河北师范大学教育学院
亲社会行为(prosocial behavior)是一种符合社会期望、利于他人、群体或社会的行为,是个体社会化的重要方面[1],也是人际交往中体现社会适应能力的重要方面[2]。新冠疫情期间,我国人民乐于奉献、互帮互爱、处处传递爱心,涌现很多暖心的亲社会行为,为最终战胜疫情夯实基础。我国医务工作者、解放军、科技工作者都积极参与疫情防控,体现了无私奉献的利他精神,特别是,我国大学生也勇担社会责任,积极参与各级各类抗疫活动,表现出众多的亲社会行为。那么,大学生的亲社会行为水平如何?哪些因素会影响大学生的亲社会行为?这是心理学诸多领域关注的重点。
以往研究主要围绕亲社会行为内涵及其影响因素展开。研究发现,亲社会行为能够反映个体的自尊水平以及同伴关系,亲社会行为水平越高,个体的自尊水平也较高[3-5],同伴接纳水平以及同伴关系也更好[6]。反之,亲社会水平越高的个体,越有可能取得较高的学业水平[7],并有较强的主观幸福感[8,9]。其中,主观幸福感是影响个体亲社会行为的重要因素[10]。主观幸福感(Subjective Well-being)是个体对其生活事件在情绪方面做出的理解、认知方面进行的加工,以及伴随其做出的情感与认知性评价[11]。
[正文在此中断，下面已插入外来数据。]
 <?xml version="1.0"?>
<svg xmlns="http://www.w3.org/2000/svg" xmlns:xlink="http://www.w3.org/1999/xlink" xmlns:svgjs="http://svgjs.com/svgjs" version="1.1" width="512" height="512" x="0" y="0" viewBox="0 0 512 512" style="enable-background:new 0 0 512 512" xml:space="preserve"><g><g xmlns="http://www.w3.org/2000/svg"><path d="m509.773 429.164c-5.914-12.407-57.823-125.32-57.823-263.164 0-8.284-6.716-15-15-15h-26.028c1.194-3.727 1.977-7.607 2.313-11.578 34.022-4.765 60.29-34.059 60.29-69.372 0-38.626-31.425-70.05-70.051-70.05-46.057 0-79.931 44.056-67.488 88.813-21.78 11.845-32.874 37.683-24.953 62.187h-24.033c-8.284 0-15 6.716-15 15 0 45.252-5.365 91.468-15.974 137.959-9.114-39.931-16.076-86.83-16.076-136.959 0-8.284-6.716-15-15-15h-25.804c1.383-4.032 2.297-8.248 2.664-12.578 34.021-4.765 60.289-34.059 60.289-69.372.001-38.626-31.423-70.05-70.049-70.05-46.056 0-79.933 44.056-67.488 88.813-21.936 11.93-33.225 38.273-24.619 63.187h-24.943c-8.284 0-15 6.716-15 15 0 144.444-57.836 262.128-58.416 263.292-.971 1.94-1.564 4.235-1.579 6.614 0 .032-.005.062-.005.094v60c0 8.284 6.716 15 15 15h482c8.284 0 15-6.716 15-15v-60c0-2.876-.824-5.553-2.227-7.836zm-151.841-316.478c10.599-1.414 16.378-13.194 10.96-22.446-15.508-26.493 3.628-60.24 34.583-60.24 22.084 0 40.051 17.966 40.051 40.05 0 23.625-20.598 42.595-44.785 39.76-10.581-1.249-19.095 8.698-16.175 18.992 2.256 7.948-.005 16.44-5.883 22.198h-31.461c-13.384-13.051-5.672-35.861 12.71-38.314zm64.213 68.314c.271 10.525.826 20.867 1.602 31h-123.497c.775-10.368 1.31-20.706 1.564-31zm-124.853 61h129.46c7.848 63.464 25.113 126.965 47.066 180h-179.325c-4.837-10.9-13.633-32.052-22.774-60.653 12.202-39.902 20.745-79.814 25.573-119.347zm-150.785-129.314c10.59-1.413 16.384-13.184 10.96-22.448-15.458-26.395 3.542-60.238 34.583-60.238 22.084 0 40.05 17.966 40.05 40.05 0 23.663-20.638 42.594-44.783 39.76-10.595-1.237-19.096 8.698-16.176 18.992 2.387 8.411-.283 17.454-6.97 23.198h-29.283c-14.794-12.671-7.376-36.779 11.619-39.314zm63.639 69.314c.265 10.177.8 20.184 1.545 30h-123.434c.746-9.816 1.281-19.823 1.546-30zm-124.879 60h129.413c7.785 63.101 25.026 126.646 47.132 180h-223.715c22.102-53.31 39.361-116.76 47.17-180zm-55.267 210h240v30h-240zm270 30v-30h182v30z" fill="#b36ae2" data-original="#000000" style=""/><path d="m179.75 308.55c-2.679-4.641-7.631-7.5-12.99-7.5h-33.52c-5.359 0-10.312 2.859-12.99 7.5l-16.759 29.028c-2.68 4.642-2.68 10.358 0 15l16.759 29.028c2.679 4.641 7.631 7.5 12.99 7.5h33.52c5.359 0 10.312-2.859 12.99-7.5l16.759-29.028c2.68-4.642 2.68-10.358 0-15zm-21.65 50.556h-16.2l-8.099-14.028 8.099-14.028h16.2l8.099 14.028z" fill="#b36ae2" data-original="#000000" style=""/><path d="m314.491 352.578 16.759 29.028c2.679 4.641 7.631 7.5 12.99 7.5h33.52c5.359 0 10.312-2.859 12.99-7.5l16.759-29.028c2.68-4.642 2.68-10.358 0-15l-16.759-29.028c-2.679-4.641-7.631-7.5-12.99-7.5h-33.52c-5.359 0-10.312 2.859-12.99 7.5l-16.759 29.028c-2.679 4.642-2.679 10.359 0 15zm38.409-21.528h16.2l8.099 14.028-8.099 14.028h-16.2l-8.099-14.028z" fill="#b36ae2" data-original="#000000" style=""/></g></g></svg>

主观幸福感越高,个体越容易发生亲社会行为[12]。疫情期间,北京6000多名高校大学生报名参加无偿献血,河北师范大学教育学院学生为一线抗疫人员子女持续提供免费辅导,南京中医药大学12名学生制作2000枚中药香囊寄往武汉医院……。这些大学生是新时代大学生的缩影,彰显了我国青年后备军的力量。那么,当代大学生的亲社会行为及其主观幸福感如何?二者之间的关系如何?这是本研究关注的重点。
还有研究发现,社会支持与主观幸福感和亲社会行为都显著相关。社会支持(social support)通常指父母、亲戚与朋友等从精神或物质等方面给予个体的帮助,是来自家庭、朋友与组织等成员对个体的关心[13]。研究发现,社会支持与亲社会行为显著相关,得到的社会支持越多,个体越容易有亲社会倾向,亲社会行为也较多[14,15]。而且,社会支持还能预测大学生的亲社会行为[16,17],拥有的社会支持越多,大学生产生的亲社会行为也越多;而感觉孤立或社会支持较低的个体,亲社会行为表现也较低[18]。大学生获得的社会支持能够改变人际关系,从而获得更多的安全感、归属感、满足感和积极情绪,社会支持与生活满意度显著相关[19-21]。那么,社会支持是否会影响大学生亲社会行为与主观幸福感之间的关系?这是本研究关注的第二个问题。
综上,本研究拟选取在校大学生为研究对象,在考察大学生亲社会行为与主观幸福感现状的基础上,进一步考察社会支持在亲社会行为与主观幸福感之间的作用。研究结果将有助于了解大学生群体的亲社会行为与主观幸福感,并为提高大学生的亲社会行为和主观幸福感提供一定的理论依据。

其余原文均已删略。